Quand on voit pour la première fois les ouvrages des castors, on ne peut s’empêcher d’admirer celui qui enseigna à une pauvre petite bête l’art des architectes de Babylone, et qui souvent envoie l’homme, si fier de son génie, à l’école d’un insecte.

Ces étonnantes créatures ont-elles rencontré un vallon où coule un ruisseau, elles barrent ce ruisseau par une chaussée ; l’eau monte et remplit bientôt l’intervalle qui se trouve entre les deux collines : c’est dans ce réservoir que les castors bâtissent leurs habitations. Détaillons la construction de la chaussée.

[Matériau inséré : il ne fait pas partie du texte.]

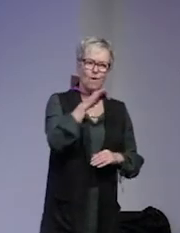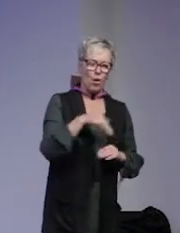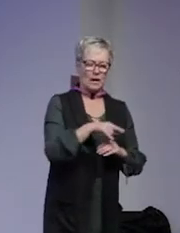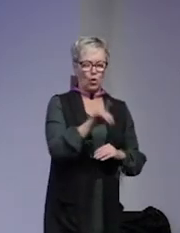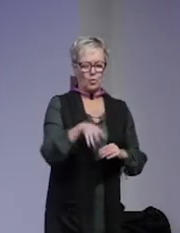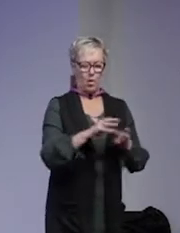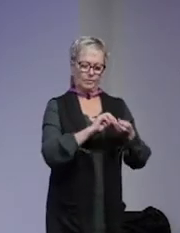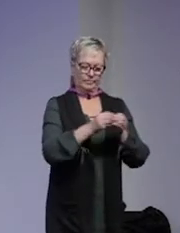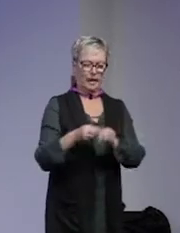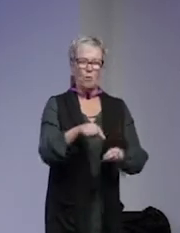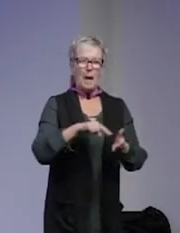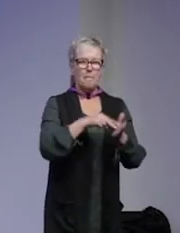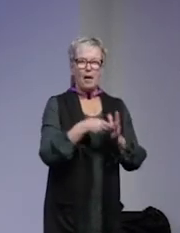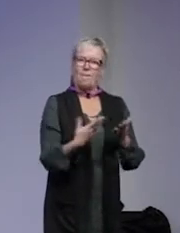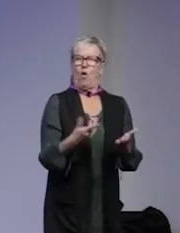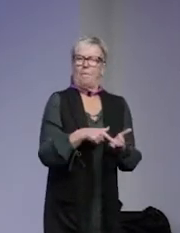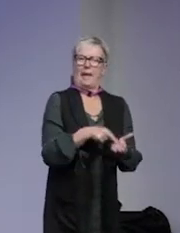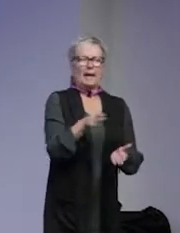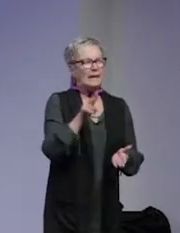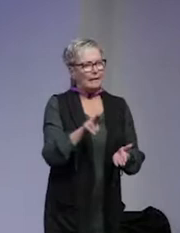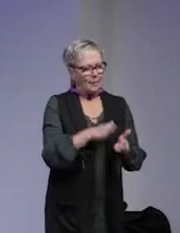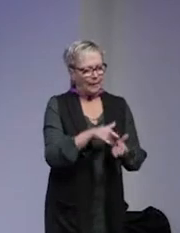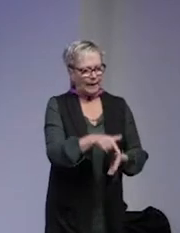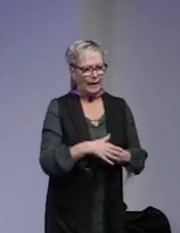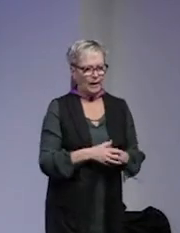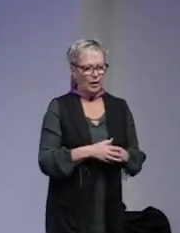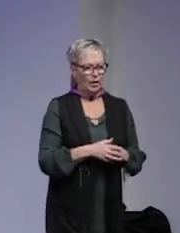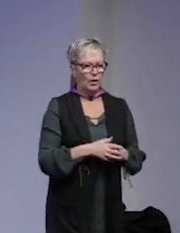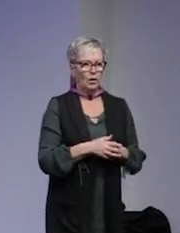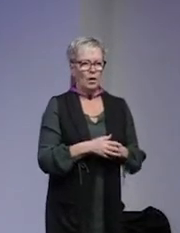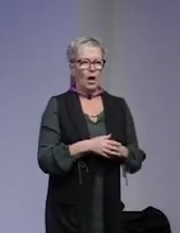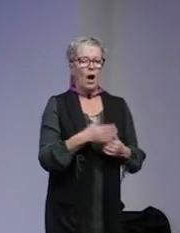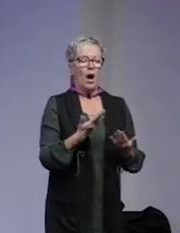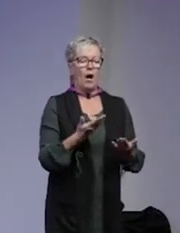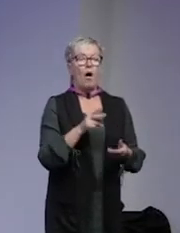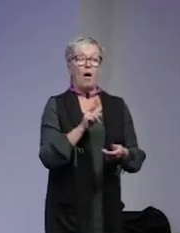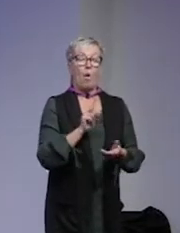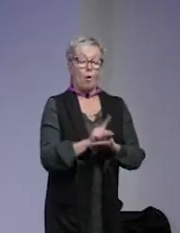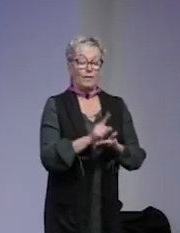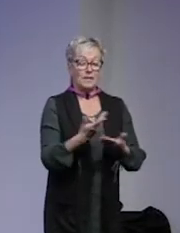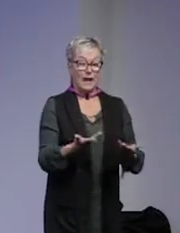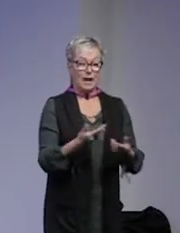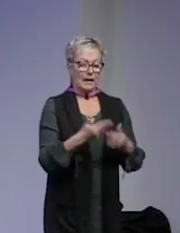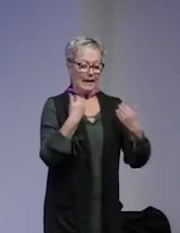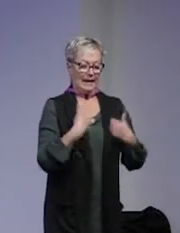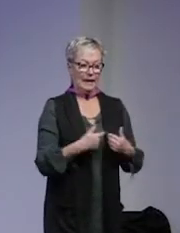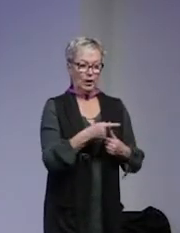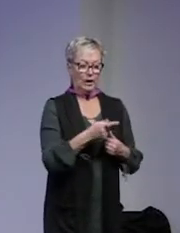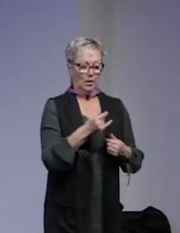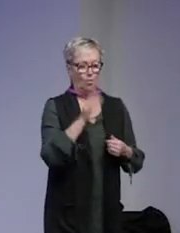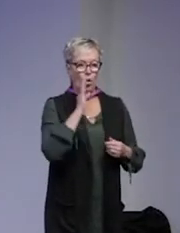till dem som har formulerat de här planerna alltså vad menar ni egentligen med det? Då rör det sig de facto ofta som individer i

Des deux flancs opposés des collines qui forment la vallée commence un rang de palissades entrelacées de branches et revêtues de mortier. Ce premier rang est fortifié d’un second rang placé à quinze pieds en arrière du premier. L’espace entre les deux palissades est comblé avec de la terre.

La levée continue de venir ainsi des deux côtés de la vallée, jusqu’à ce qu’il ne reste plus qu’une ouverture d’une vingtaine de pieds au centre ; mais à ce centre l’action du courant opérant dans toute son énergie, les ingénieurs changent de matériaux : ils renforcent le milieu de leurs substructions hydrauliques de troncs d’arbres entassés les uns sur les autres, et liés ensemble par un ciment semblable à celui des palissades. Souvent la digue entière a cent pieds de long, quinze de haut et douze de large à la base ; diminuant d’épaisseur dans une proportion mathématique à mesure qu’elle s’élève, elle n’a plus que trois pieds de surface au plan horizontal qui la termine.

Le côté de la chaussée opposé à l’eau se retire graduellement en talus ; le côté extérieur garde un parfait aplomb.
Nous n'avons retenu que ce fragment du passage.